Top of Data listing

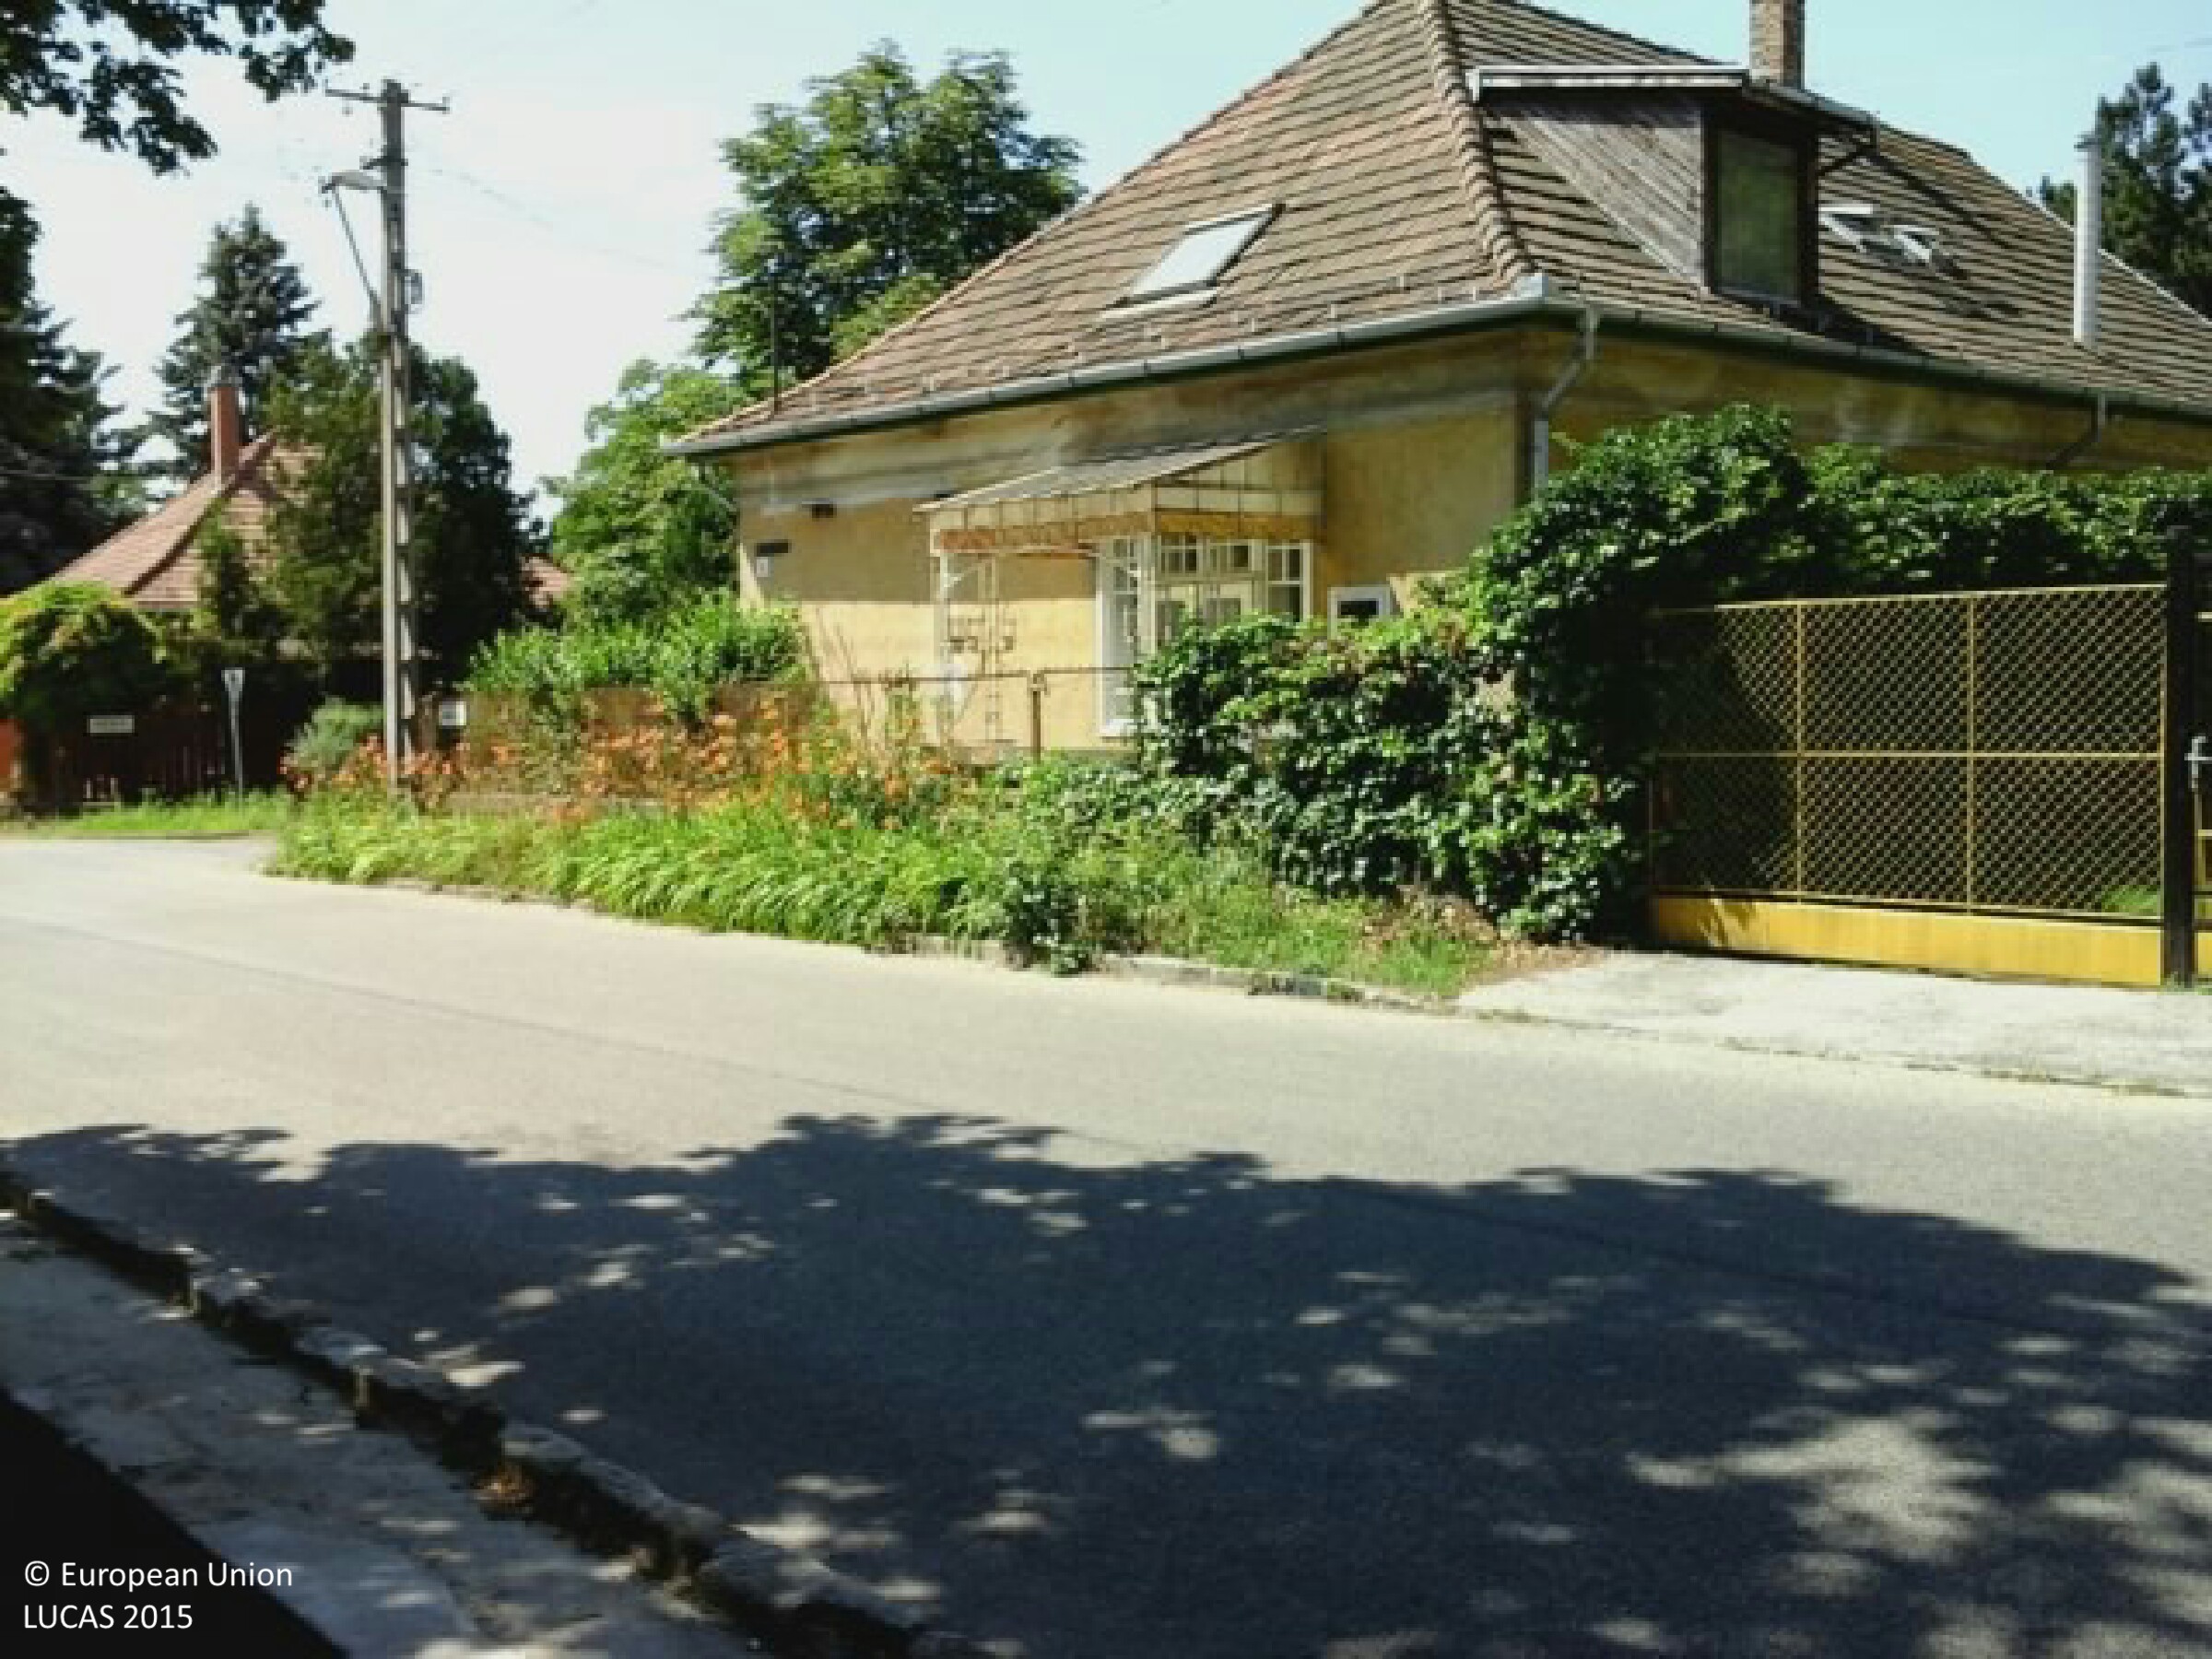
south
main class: Woodland
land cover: Broadleaved woodland
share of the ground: > 75 %
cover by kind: broadleaved forest trees 95 %, coniferous forest trees 5 %
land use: Community services
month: June
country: HU
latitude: 47.4881
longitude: 19.2702

Bottom of Data listing

- _The problem_: What is needed is a verbatim transcription of the records, minus the pictures.

- _Worked solution_:
south
main class: Woodland
land cover: Broadleaved woodland
share of the ground: > 75 %
cover by kind: broadleaved forest trees 95 %, coniferous forest trees 5 %
land use: Community services
month: June
country: HU
latitude: 47.4881
longitude: 19.2702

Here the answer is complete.